▶ [REQUIRED ACTION]
Pull out every line below holding the word "normal".

═══ SOURCE MATERIAL ═══

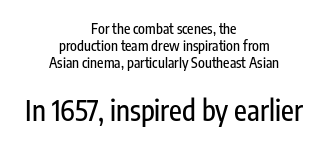
Q: Is the text italic (slanted)? A: No, it is upright.
Q: Is the typeface a serif or a sans-serif typeface? A: Sans-serif.
Q: Is the text underlined? A: No.
Q: How is the paragraph aligned? A: Centered.
Q: Is the spacing between letters normal or unusually wide? A: Normal.
Q: Which block of text is set in a larger size, the first (top) or the second (bottom)? A: The second (bottom) one.
Q: Width (condensed, normal, or wide)? A: Condensed.
Q: Stroke contrast? A: Low.
Q: x-height? A: Medium.
Q: Monospaced? A: No.

═══

▶ [RESULT BELOW]
Q: Is the spacing between letters normal or unusually wide? A: Normal.
Q: Width (condensed, normal, or wide)? A: Condensed.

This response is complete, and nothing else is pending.